_EXERCISE REQUIREMENTS_
Could you give the data below again exactly, apart from the pictures?
*** Opening of DATA LISTING ***
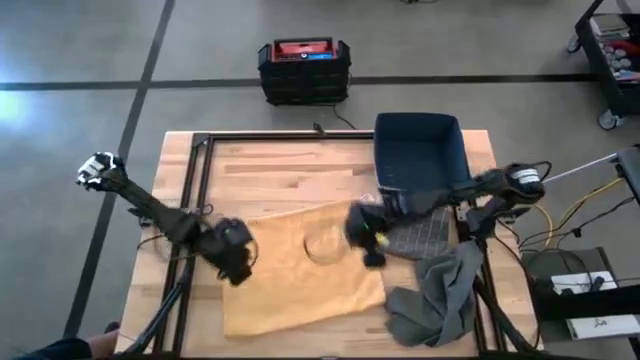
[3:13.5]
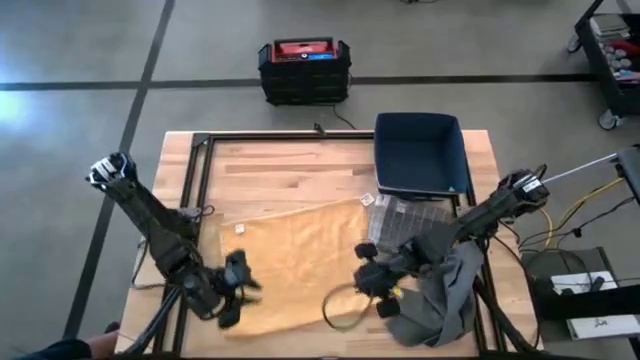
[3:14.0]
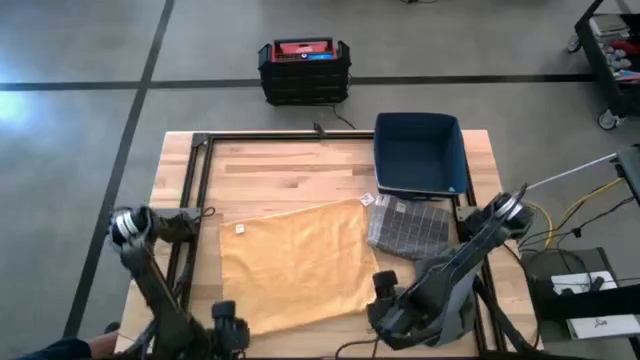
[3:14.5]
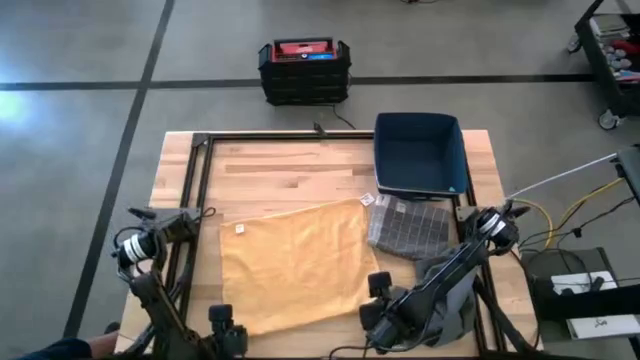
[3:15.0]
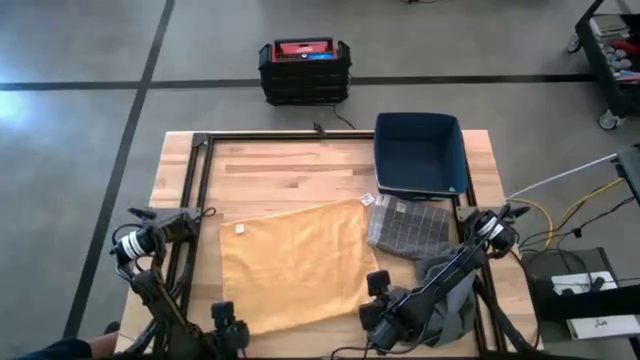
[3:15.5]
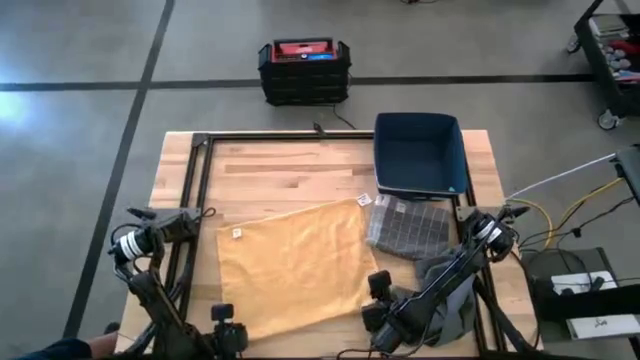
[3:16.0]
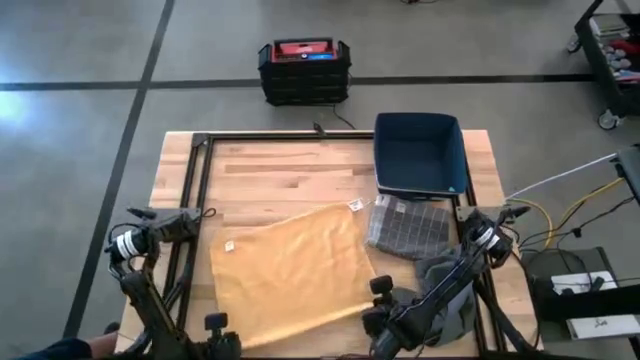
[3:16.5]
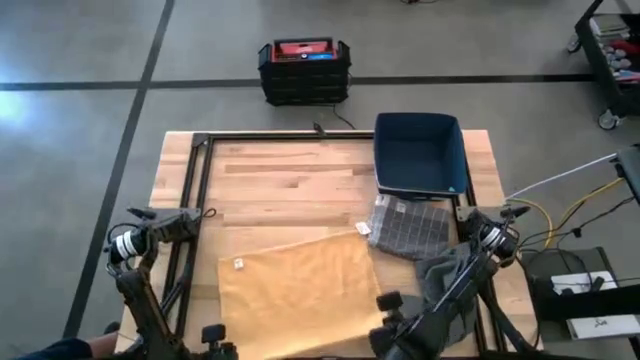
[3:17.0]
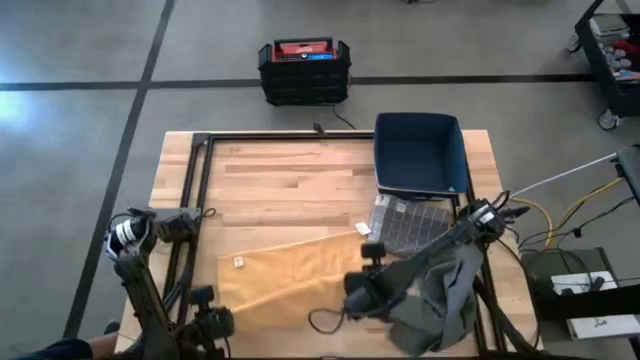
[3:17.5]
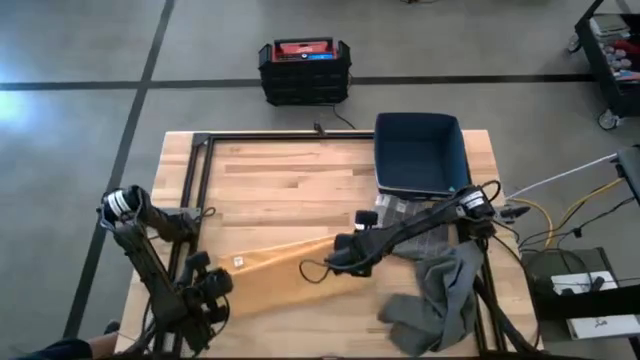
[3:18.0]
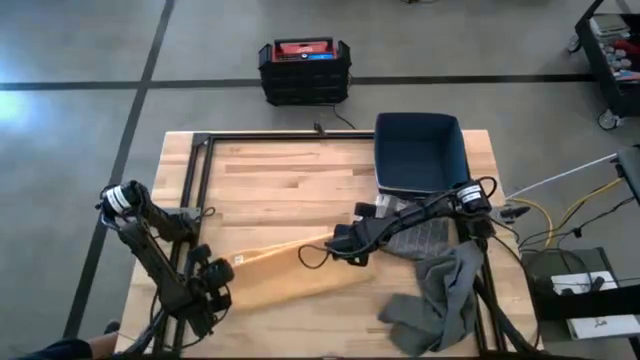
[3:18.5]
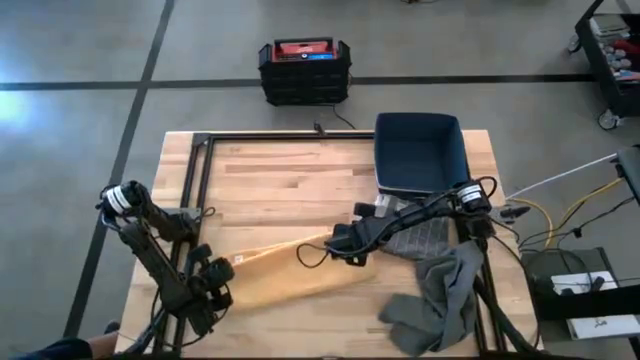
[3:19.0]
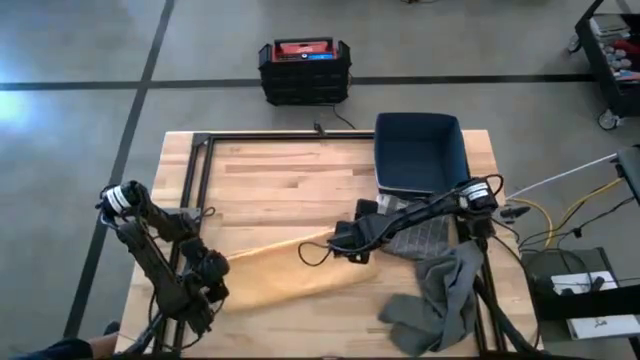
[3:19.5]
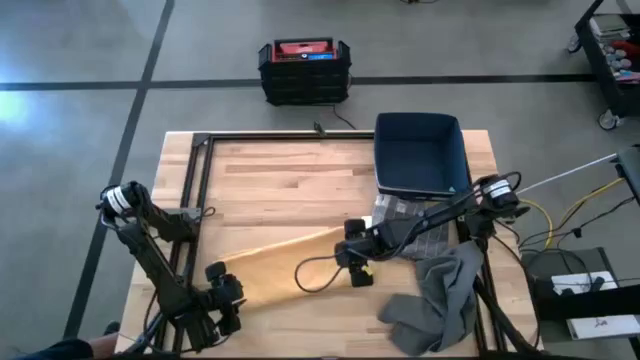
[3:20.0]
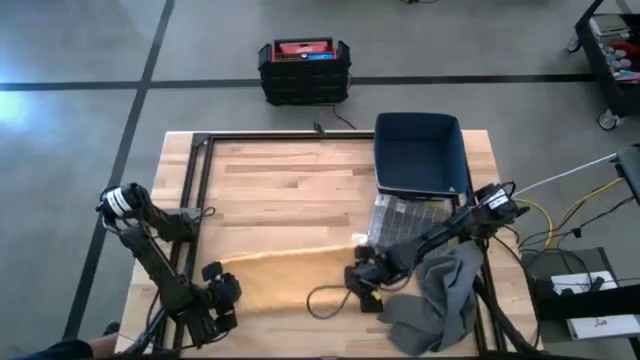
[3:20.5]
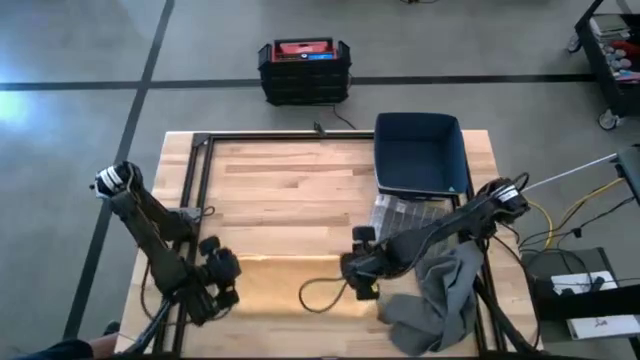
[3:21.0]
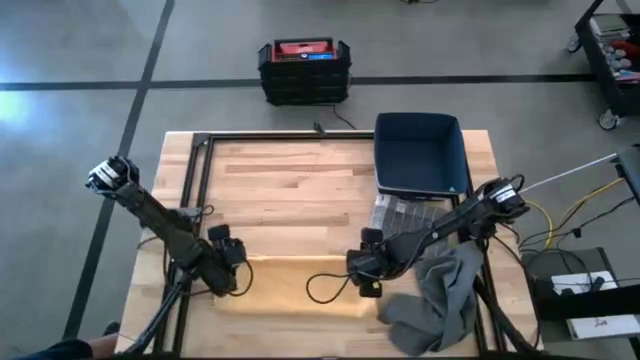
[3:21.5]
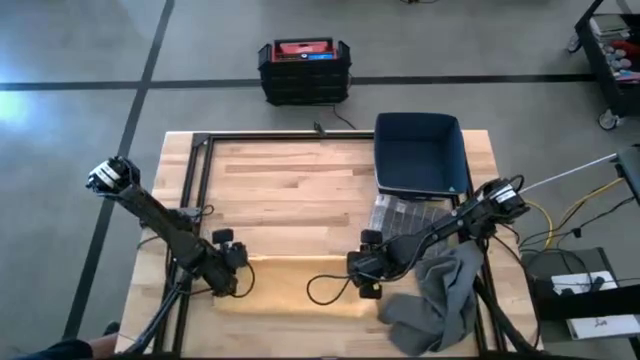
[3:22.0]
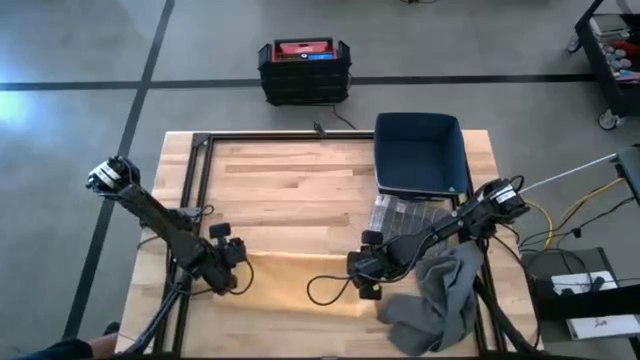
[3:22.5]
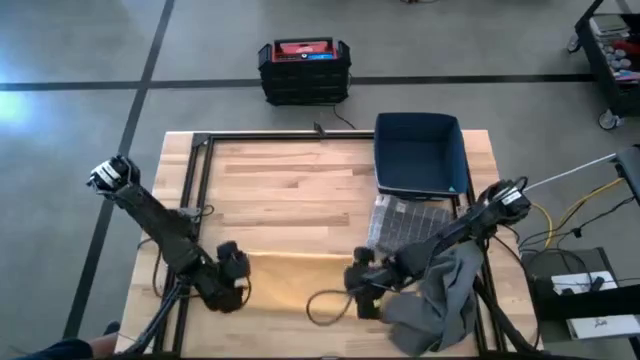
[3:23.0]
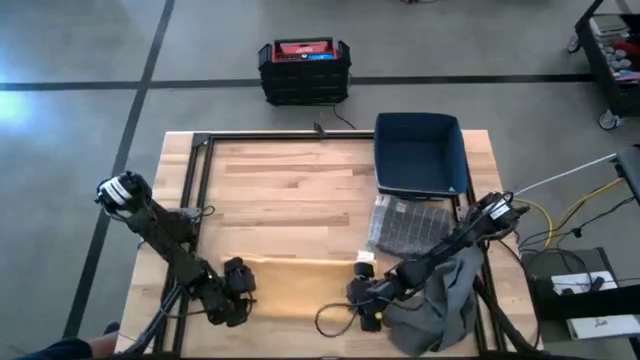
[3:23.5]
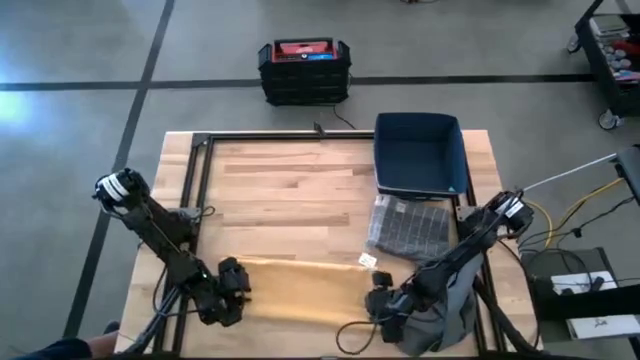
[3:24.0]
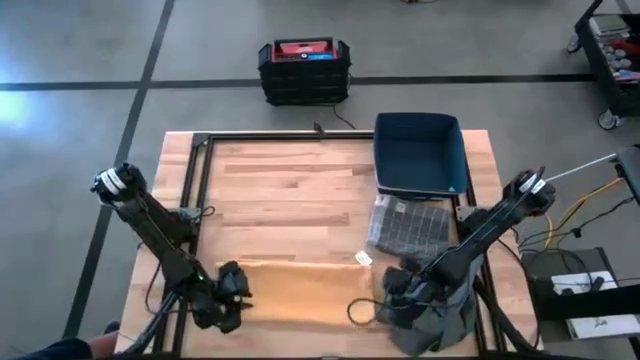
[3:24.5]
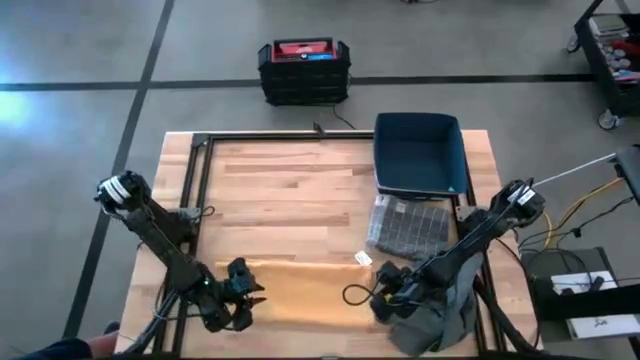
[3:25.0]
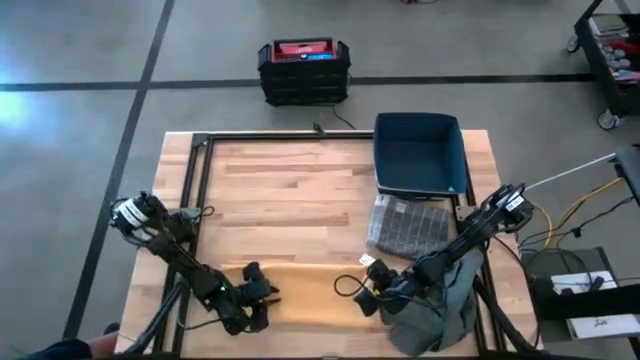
*** Close of DATA LISTING ***
_SOLUTION FOR THIS TASK_
[3:13.5]
[3:14.0]
[3:14.5]
[3:15.0]
[3:15.5]
[3:16.0]
[3:16.5]
[3:17.0]
[3:17.5]
[3:18.0]
[3:18.5]
[3:19.0]
[3:19.5]
[3:20.0]
[3:20.5]
[3:21.0]
[3:21.5]
[3:22.0]
[3:22.5]
[3:23.0]
[3:23.5]
[3:24.0]
[3:24.5]
[3:25.0]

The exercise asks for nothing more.